_ABOUT THIS TASK_
An exact transcription of all the data is required, with every image removed.

_RECORDS PROVIDED_
○ ○ ○ ○

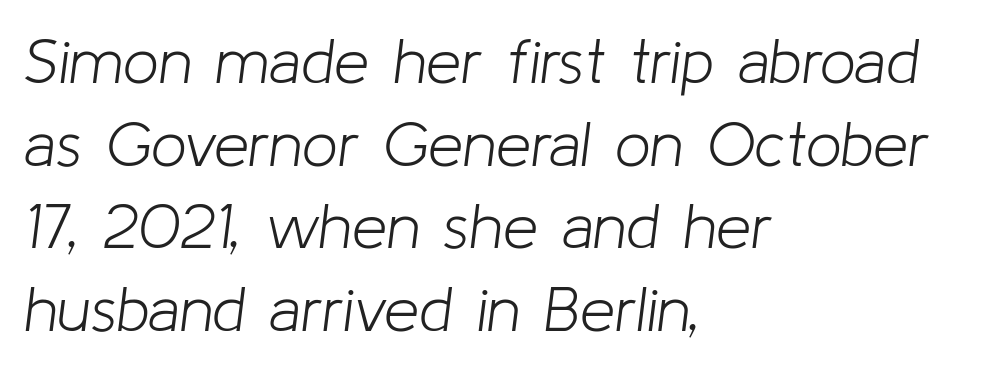
Tall strokes in this sample are angled rather than plumb. Every row of glyphs begins at an identical x-position on the left. The cut favours lightness, reaching ordinary text weight at its darkest. The type is set solid horizontally, with unmodified tracking. Think of a printed novel: that variable character pitch is what you see here.
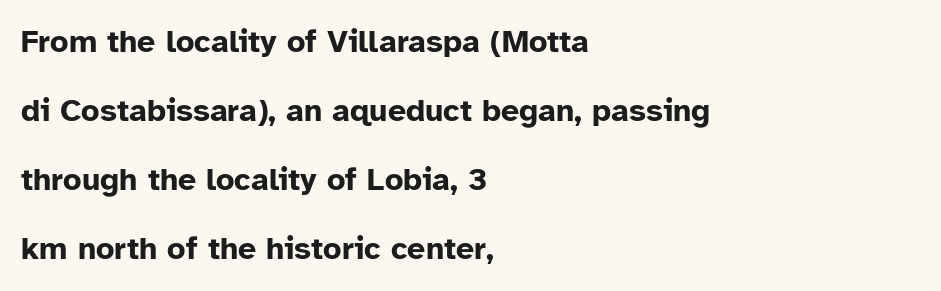
The letters are bold, with thick, heavy strokes. The rendering shows plain stroke endings on the letterforms — a sans-serif design. This is the regular roman posture of the typeface. The rendering uses natural spacing where letterforms have individual widths.
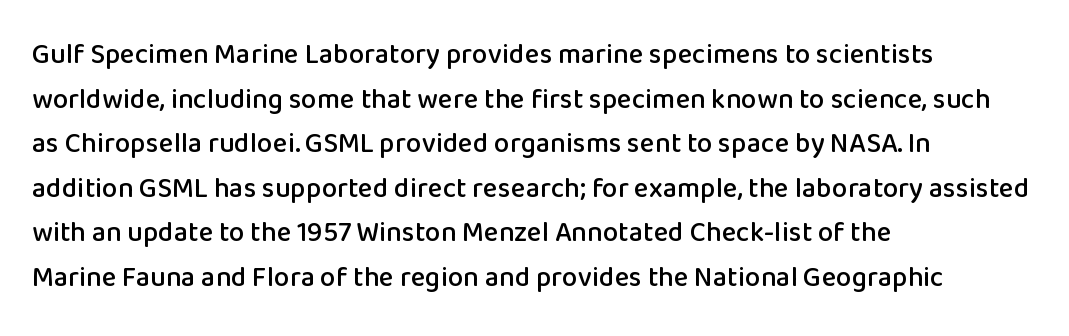
The passage shown is typed in a proportional face where columns would drift. The letters sit at their default tracking, neither squeezed nor spread. This is roman type, the default non-slanted kind. Every row of glyphs begins at an identical x-position on the left.
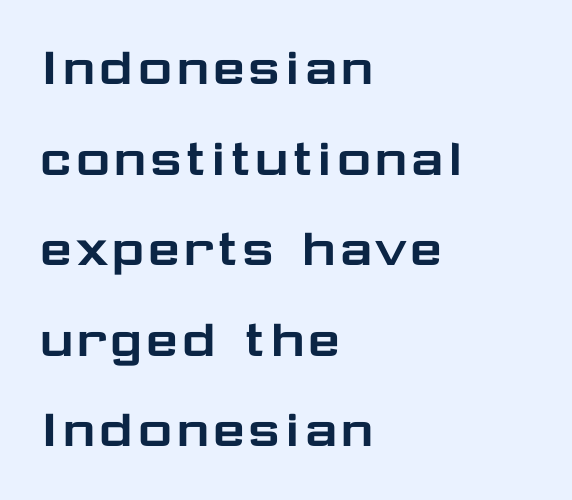
{"serif": "no", "italic": "no", "width": "wide", "stroke_contrast": "low", "x_height": "medium", "monospaced": "no", "underline": "no", "align": "left", "line_spacing": "normal", "line_spacing_ratio": 1.51, "letter_spacing": "normal", "letter_spacing_em": 0.0, "glyph_px": 60}
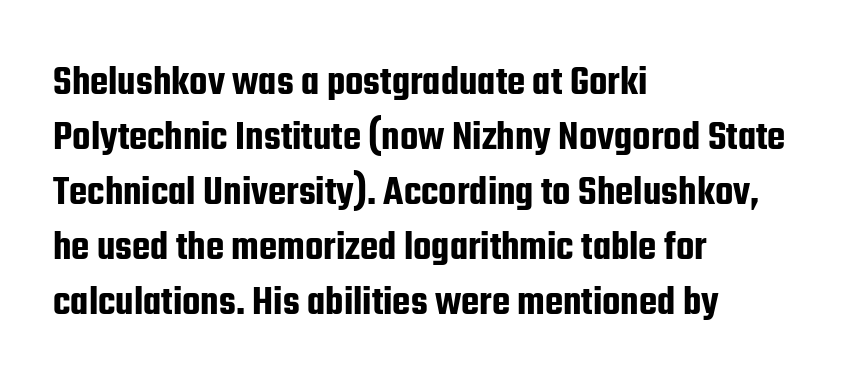
Q: Is the text italic (slanted)? A: No, it is upright.
Q: Is the typeface a serif or a sans-serif typeface? A: Sans-serif.
Q: Is the text underlined? A: No.
Q: How is the paragraph aligned? A: Left-aligned.
Q: Is the spacing between letters normal or unusually wide? A: Normal.
Q: Is the spacing between lines tight, normal or loose? A: Normal.
Q: Width (condensed, normal, or wide)? A: Condensed.
Q: Stroke contrast? A: Low.
Q: x-height? A: Medium.
Q: Monospaced? A: No.
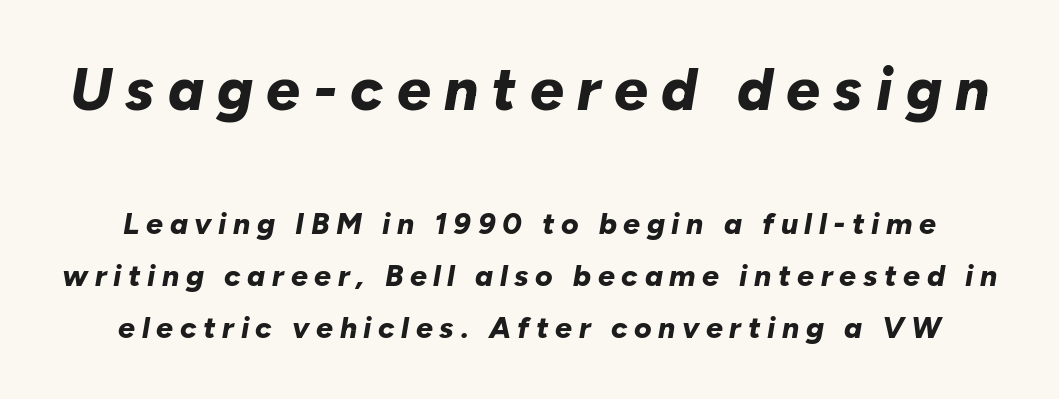
{"italic": "yes", "lean": "right", "slant_degrees": 10, "bold": "yes", "weight": "bold", "width": "normal", "stroke_contrast": "low", "x_height": "medium", "monospaced": "no", "underline": "no", "line_spacing_ratio": 1.73, "letter_spacing": "wide", "letter_spacing_em": 0.22, "larger_block": "first", "size_ratio": 2.0, "glyph_px": 60}
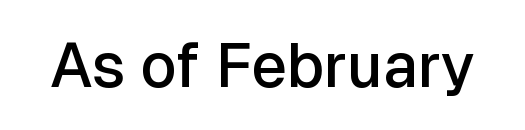
The passage shown is typed in a proportional face where columns would drift. Decoration check: the copy has no underline. Tracking here is standard; glyphs follow each other at the usual distance. Serif or sans? Sans — the stroke terminals are bare.
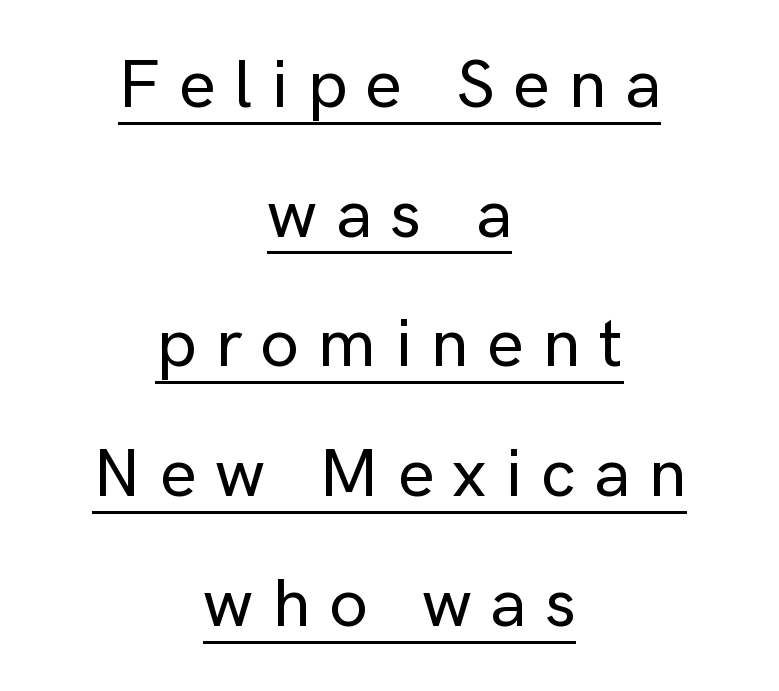
Q: Is the text italic (slanted)? A: No, it is upright.
Q: Is the typeface a serif or a sans-serif typeface? A: Sans-serif.
Q: Is the text underlined? A: Yes.
Q: How is the paragraph aligned? A: Centered.
Q: Is the spacing between letters normal or unusually wide? A: Unusually wide.
Q: Width (condensed, normal, or wide)? A: Normal.
Q: Stroke contrast? A: Low.
Q: x-height? A: Medium.
Q: Monospaced? A: No.
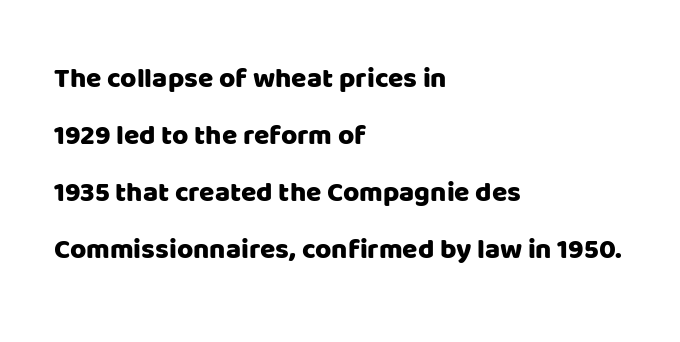
Leading is clearly above the norm, producing a sparse column. The ragged edge is on the right, which tells us the setting is flush left. The axis of the letterforms is exactly vertical. The passage shown is not underscored anywhere. Nothing sits at the stroke ends, so this counts as sans-serif. This sample has the flowing, uneven cadence of proportional lettering.
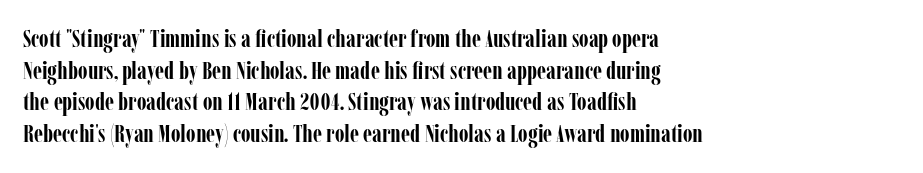
The image shows 25 px bold type, upright; set left-aligned, normal line spacing (1.27x), normal letter spacing, not underlined.
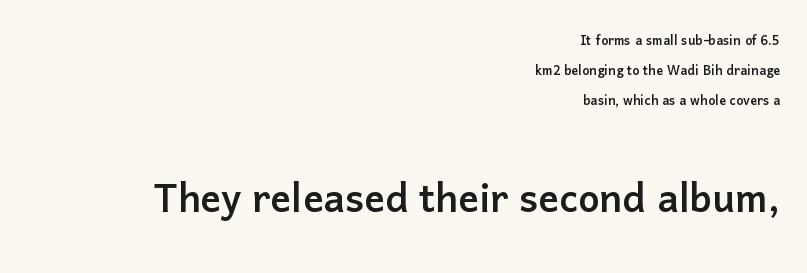
{"serif": "no", "italic": "no", "width": "normal", "stroke_contrast": "low", "x_height": "medium", "monospaced": "no", "underline": "no", "align": "right", "line_spacing_ratio": 1.77, "letter_spacing": "normal", "letter_spacing_em": 0.0, "larger_block": "second", "size_ratio": 3.0, "glyph_px": 51}
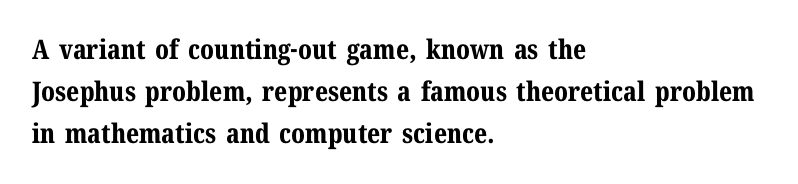
Q: Is the text bold? A: Yes.
Q: Is the text italic (slanted)? A: No, it is upright.
Q: Is the text underlined? A: No.
Q: How is the paragraph aligned? A: Left-aligned.
Q: Is the spacing between letters normal or unusually wide? A: Normal.
Q: Is the spacing between lines tight, normal or loose? A: Normal.
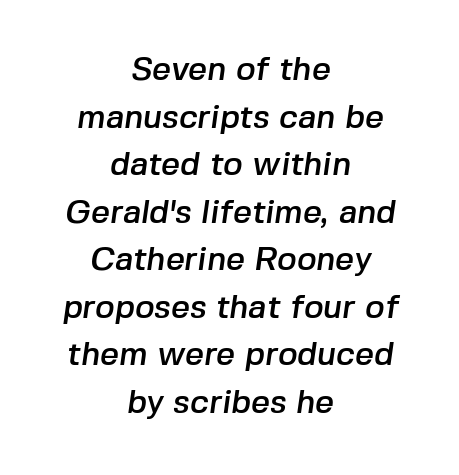
Check the space under the baseline: it is left empty. A typesetter would call this proportional, since set widths differ per character. The rendering shows plain stroke endings on the letterforms — a sans-serif design. In CSS terms this would be text-align: center. Honestly, the row spacing looks completely unremarkable. Glyph-to-glyph distance matches everyday printed text.
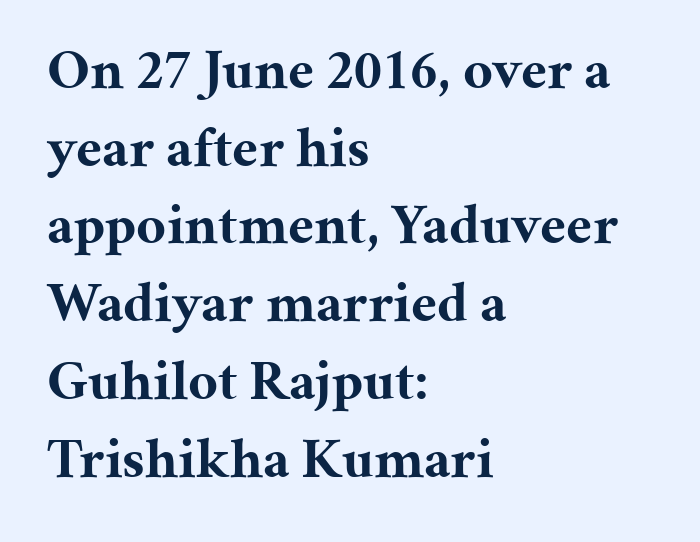
Check the space under the baseline: it is left empty. Think of a printed novel: that variable character pitch is what you see here. Ordinary non-slanted type is in use. Line beginnings align vertically; line endings do not.
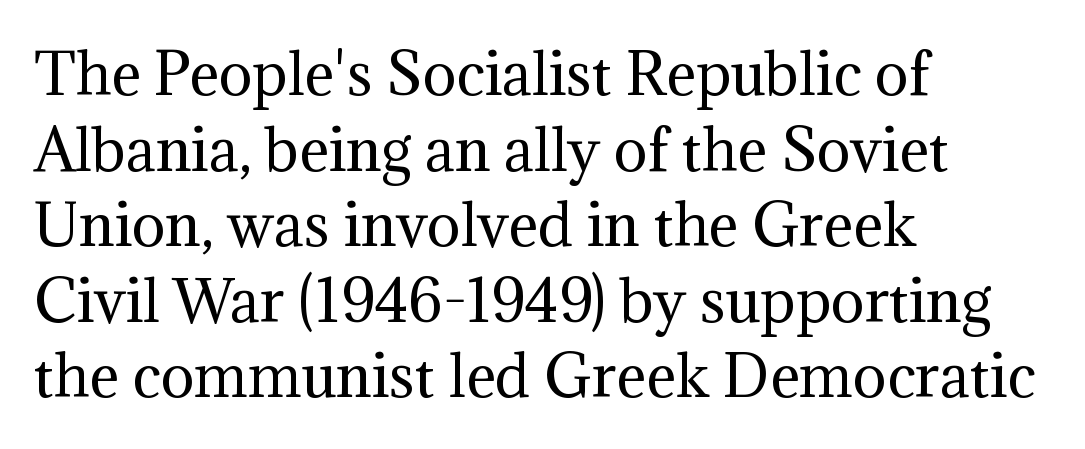
Q: Is the text bold? A: No.
Q: Is the text italic (slanted)? A: No, it is upright.
Q: Is the typeface a serif or a sans-serif typeface? A: Serif.
Q: Is the text underlined? A: No.
Q: How is the paragraph aligned? A: Left-aligned.
Q: Is the spacing between letters normal or unusually wide? A: Normal.
Q: Is the spacing between lines tight, normal or loose? A: Normal.
Q: Width (condensed, normal, or wide)? A: Normal.
Q: Stroke contrast? A: Medium.
Q: x-height? A: Medium.
Q: Monospaced? A: No.
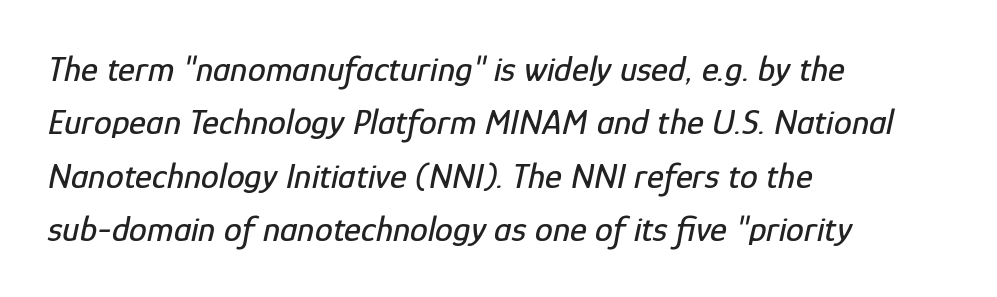
{"italic": "yes", "lean": "right", "slant_degrees": 12, "width": "condensed", "stroke_contrast": "low", "x_height": "medium", "monospaced": "no", "underline": "no", "align": "left", "line_spacing": "normal", "line_spacing_ratio": 1.48, "letter_spacing": "normal", "letter_spacing_em": 0.0, "glyph_px": 36}
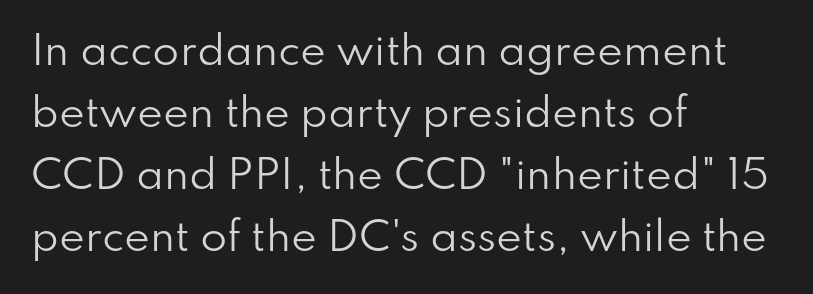
{"serif": "no", "italic": "no", "bold": "no", "weight": "regular", "width": "normal", "stroke_contrast": "low", "x_height": "small", "monospaced": "no", "underline": "no", "align": "left", "line_spacing": "normal", "line_spacing_ratio": 1.59, "letter_spacing": "normal", "letter_spacing_em": 0.0, "glyph_px": 39}
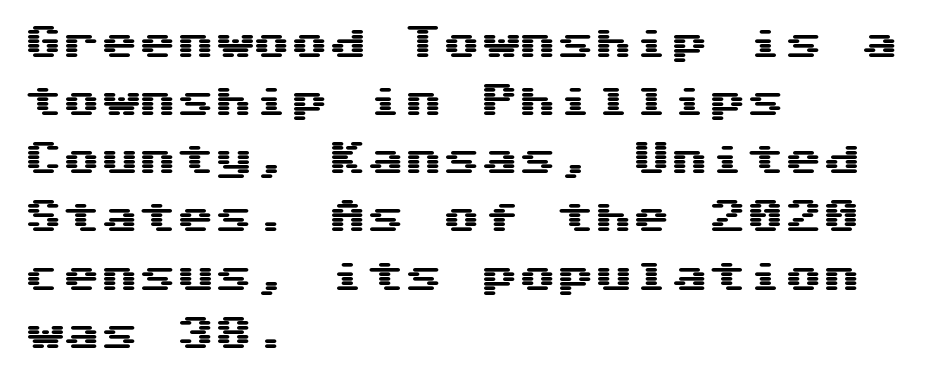
Classification — sans serif. If you drew a ruler down the left edge, every line would touch it. Glyph-to-glyph distance matches everyday printed text. Does the lettering tilt? It doesn't — this is upright. Anything drawn beneath the words? Only blank space.
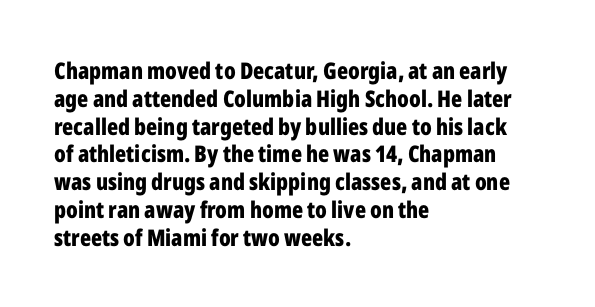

○ ○ ○ ○

_FINAL ANSWER_
Tall strokes in this sample are angled rather than plumb. Every row of glyphs begins at an identical x-position on the left. The cut favours lightness, reaching ordinary text weight at its darkest. The type is set solid horizontally, with unmodified tracking. Think of a printed novel: that variable character pitch is what you see here.
The letters are bold, with thick, heavy strokes. The rendering shows plain stroke endings on the letterforms — a sans-serif design. This is the regular roman posture of the typeface. The rendering uses natural spacing where letterforms have individual widths.
The passage shown is typed in a proportional face where columns would drift. The letters sit at their default tracking, neither squeezed nor spread. This is roman type, the default non-slanted kind. Every row of glyphs begins at an identical x-position on the left.
{"serif": "no", "italic": "no", "width": "wide", "stroke_contrast": "low", "x_height": "medium", "monospaced": "no", "underline": "no", "align": "left", "line_spacing": "normal", "line_spacing_ratio": 1.51, "letter_spacing": "normal", "letter_spacing_em": 0.0, "glyph_px": 60}
Q: Is the text italic (slanted)? A: No, it is upright.
Q: Is the typeface a serif or a sans-serif typeface? A: Sans-serif.
Q: Is the text underlined? A: No.
Q: How is the paragraph aligned? A: Left-aligned.
Q: Is the spacing between letters normal or unusually wide? A: Normal.
Q: Is the spacing between lines tight, normal or loose? A: Normal.
Q: Width (condensed, normal, or wide)? A: Condensed.
Q: Stroke contrast? A: Low.
Q: x-height? A: Medium.
Q: Monospaced? A: No.
{"italic": "yes", "lean": "right", "slant_degrees": 10, "bold": "yes", "weight": "bold", "width": "normal", "stroke_contrast": "low", "x_height": "medium", "monospaced": "no", "underline": "no", "line_spacing_ratio": 1.73, "letter_spacing": "wide", "letter_spacing_em": 0.22, "larger_block": "first", "size_ratio": 2.0, "glyph_px": 60}
The passage shown is typed in a proportional face where columns would drift. Decoration check: the copy has no underline. Tracking here is standard; glyphs follow each other at the usual distance. Serif or sans? Sans — the stroke terminals are bare.
Q: Is the text italic (slanted)? A: No, it is upright.
Q: Is the typeface a serif or a sans-serif typeface? A: Sans-serif.
Q: Is the text underlined? A: Yes.
Q: How is the paragraph aligned? A: Centered.
Q: Is the spacing between letters normal or unusually wide? A: Unusually wide.
Q: Width (condensed, normal, or wide)? A: Normal.
Q: Stroke contrast? A: Low.
Q: x-height? A: Medium.
Q: Monospaced? A: No.
Leading is clearly above the norm, producing a sparse column. The ragged edge is on the right, which tells us the setting is flush left. The axis of the letterforms is exactly vertical. The passage shown is not underscored anywhere. Nothing sits at the stroke ends, so this counts as sans-serif. This sample has the flowing, uneven cadence of proportional lettering.
The image shows 25 px bold type, upright; set left-aligned, normal line spacing (1.27x), normal letter spacing, not underlined.
{"serif": "no", "italic": "no", "width": "normal", "stroke_contrast": "low", "x_height": "medium", "monospaced": "no", "underline": "no", "align": "right", "line_spacing_ratio": 1.77, "letter_spacing": "normal", "letter_spacing_em": 0.0, "larger_block": "second", "size_ratio": 3.0, "glyph_px": 51}
Q: Is the text bold? A: Yes.
Q: Is the text italic (slanted)? A: No, it is upright.
Q: Is the text underlined? A: No.
Q: How is the paragraph aligned? A: Left-aligned.
Q: Is the spacing between letters normal or unusually wide? A: Normal.
Q: Is the spacing between lines tight, normal or loose? A: Normal.
Check the space under the baseline: it is left empty. A typesetter would call this proportional, since set widths differ per character. The rendering shows plain stroke endings on the letterforms — a sans-serif design. In CSS terms this would be text-align: center. Honestly, the row spacing looks completely unremarkable. Glyph-to-glyph distance matches everyday printed text.
Check the space under the baseline: it is left empty. Think of a printed novel: that variable character pitch is what you see here. Ordinary non-slanted type is in use. Line beginnings align vertically; line endings do not.
Q: Is the text bold? A: No.
Q: Is the text italic (slanted)? A: No, it is upright.
Q: Is the typeface a serif or a sans-serif typeface? A: Serif.
Q: Is the text underlined? A: No.
Q: How is the paragraph aligned? A: Left-aligned.
Q: Is the spacing between letters normal or unusually wide? A: Normal.
Q: Is the spacing between lines tight, normal or loose? A: Normal.
Q: Width (condensed, normal, or wide)? A: Normal.
Q: Stroke contrast? A: Medium.
Q: x-height? A: Medium.
Q: Monospaced? A: No.
{"italic": "yes", "lean": "right", "slant_degrees": 12, "width": "condensed", "stroke_contrast": "low", "x_height": "medium", "monospaced": "no", "underline": "no", "align": "left", "line_spacing": "normal", "line_spacing_ratio": 1.48, "letter_spacing": "normal", "letter_spacing_em": 0.0, "glyph_px": 36}
{"serif": "no", "italic": "no", "bold": "no", "weight": "regular", "width": "normal", "stroke_contrast": "low", "x_height": "small", "monospaced": "no", "underline": "no", "align": "left", "line_spacing": "normal", "line_spacing_ratio": 1.59, "letter_spacing": "normal", "letter_spacing_em": 0.0, "glyph_px": 39}
Classification — sans serif. If you drew a ruler down the left edge, every line would touch it. Glyph-to-glyph distance matches everyday printed text. Does the lettering tilt? It doesn't — this is upright. Anything drawn beneath the words? Only blank space.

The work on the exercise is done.